Our famous neighbors from previous posts are busy these days with shopping, partying, and helping people around them.
Some other elderly people, along with some younger ones, have been so fortunate to be advised by their doctors to go for a stay in a sanatorium by the sea.
This happens to people who cannot be cured in any normal way, but who expectedly still could get better from a period with carefully planned diets and physical exercises. Fortunate, because there exist only very few sanatoriums, each with a limited amount of beds, so most people will not get the chance.
I don’t know everybody’s name there, but they are mostly old ladies, a few men, and a few younger people. They are there for all kinds of reasons, but the place has a variety of physio therapists, dietists and other specialists who can help each of the patients improve a bit from whatever problem they have with their muscles, bones, or digestion system.
The place looks somewhat more mundane than the picture indicates, but it is placed exactly next to the sea, just outside of the city area, and the air is so fresh, the place so calm and relaxing, that even without any specialists available, most patients would probably get much better from the stay - by stressing down and learning to relax, allowing themselves to do so. And from feeling helpful to the other patients.

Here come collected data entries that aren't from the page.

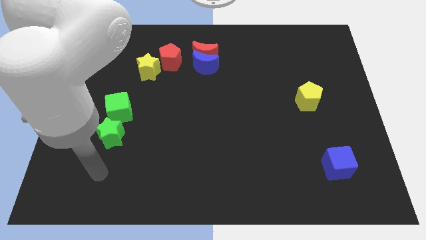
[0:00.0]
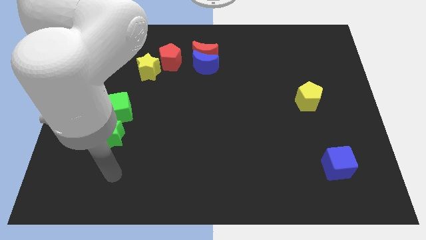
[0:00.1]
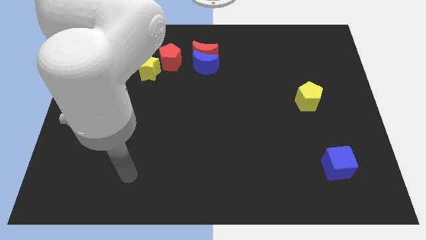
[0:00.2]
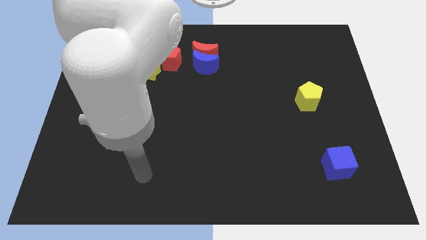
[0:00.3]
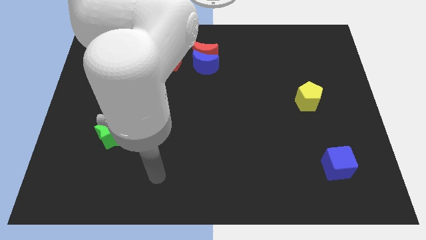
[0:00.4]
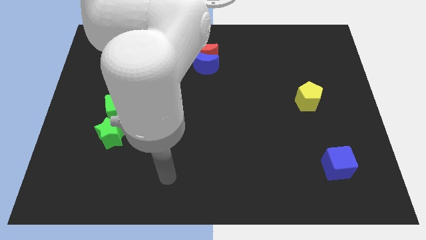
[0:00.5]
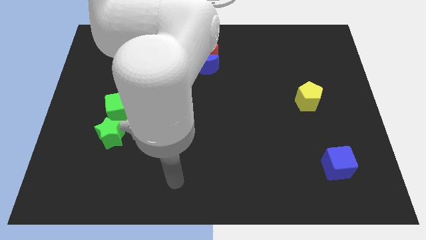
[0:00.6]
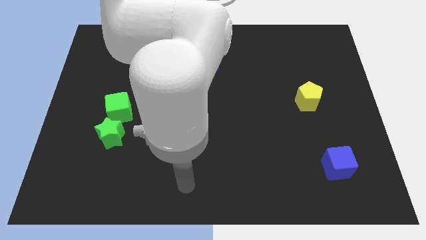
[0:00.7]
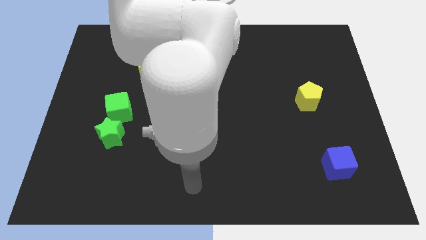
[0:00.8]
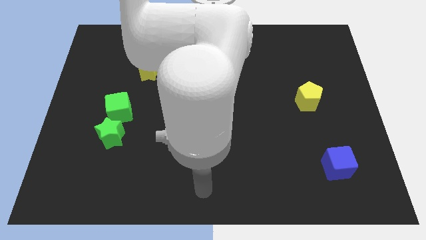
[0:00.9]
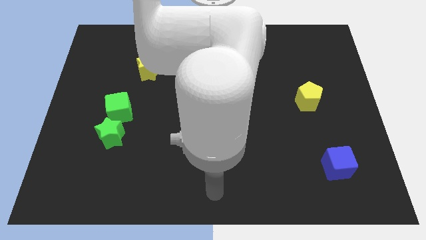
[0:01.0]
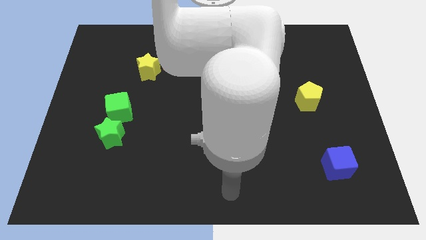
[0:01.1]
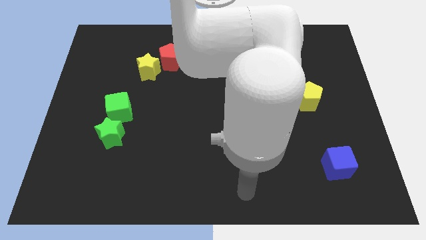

Most ill and elderly people in the world are very much alone, and people around them first of all seem to avoid spending time with them and then also refuse to take a helping hand from them. There is a taboo around getting help from someone who is ill. Most people want to do it the other way around instead, to treat the ill as fragile, refusing them the joy of being of use.
But here, at the castle by the sea, they are all able to help a little. For instance yesterday, when a bunch of new patients arrived - after breakfast time but before lunchtime.
It didn’t take long before some confusion arose among the newly arrived, because they had been travelling to get there, many of them since early in the morning, and the procedures for getting registered were somewhat heavy and bureaucratic, and when they finally were through all that, which was a heavy thing for many of them - a lot of work for people with their level of energy - they just needed to sit down for a moment, enjoying some food and a cup of healthy juice or water or whatever possible. But there was nothing for them - the staff at the sanatorium had forgotten to book a seat in the lunchroom for them, and the kitchen wasn’t aware that more food should have been cooked.
And then we saw it, again, like we have seen it before. A recurring pattern of several old ladies who could hardly walk by themselves, who looked like they needed to rest more than being active helping their new, fellow patients - taking action and using their seniority, having been there for several days or even weeks already, to raise their voices and require from the nurses and the kitchen staff that some food and drinks would be arranged for the new ones.
And it worked! Before long, everyone new who wanted it was nicely seated with a plate of soup and a glass of juice, and they felt welcome. And their helpers felt useful. The personnel felt a bit stressed and overwhelmed, I suppose, but they are all strong and should be able to handle it.
The sanatorium offers many activities, and some of them have trainers available but allow for the patients to do some individual exercises as well. One of these is “trekking” or whatever we should call it, where the patients go for a walk in the green surroundings with a couple of walking sticks in their hands, this apparently contributing to a better health.
These old ladies and an occasional man who would usually sit at home, watching TV, feeling out of energy, suddenly become a bit more fresh and active - and start arranging groups for these walks. The more experienced of them know from previous stays where the sticks are kept, so they go and find them, making sure that the new patients will get a set too. And then they go, short and slowly, but they are already much more active than usual, on their way to gain a better health.
It is a sanatorium. There are strict rules for such things as what can be eaten there and when people should go to sleep and get up. But these old ladies… of course they have all brought cookies and some powder coffee and tea leaves, hidden in their bags. And they sneak out of their rooms to “steal” hot water for the coffee and tea and arrange secret gatherings where they play cards and have a great social time in the late evenings.
Individualists can get ill too, and some of these also find their way to the castle. Whenever there is a chance, they will go for a walk (with or without sticks) alone, through the parks and along the beach, admiring the beautiful houses in the area and sending long looks out over the sea, dreaming about the time when they were travelling and seeing the world. Maybe they notice a ship there, or a seagull - or something else that can catch their attention for a while, and they feel happier than they have done for a long time, just out of these simple stimuli. Small elements of experiences that they just don’t see very often in the busy and condensed city life they are normally living.
Yesterday passed, and the new patients woke up today in their new temporary homes with that great feeling of being in the beginning of a great adventure.
Habitual headaches are gone, nobody feels as tired as usual, none of them regret for a second that they went there.
They feel alive now.
I didn't know sanatoriums, in the way you present them, were still a thing. Is this a private endeavor? A government sanatorium? I always thought it made sense. For starters, being at sea level lowers blood pressure, and the humidity can help in all sorts of ways. I noticed this back when I was struggling with a bunch of sinus issues and hypertension and suddenly got better when at the beach. And so many of our diseases are either caused or heightened by stress that retreating to a quieter place is just common sense, honestly. I wish this was a widespread practice.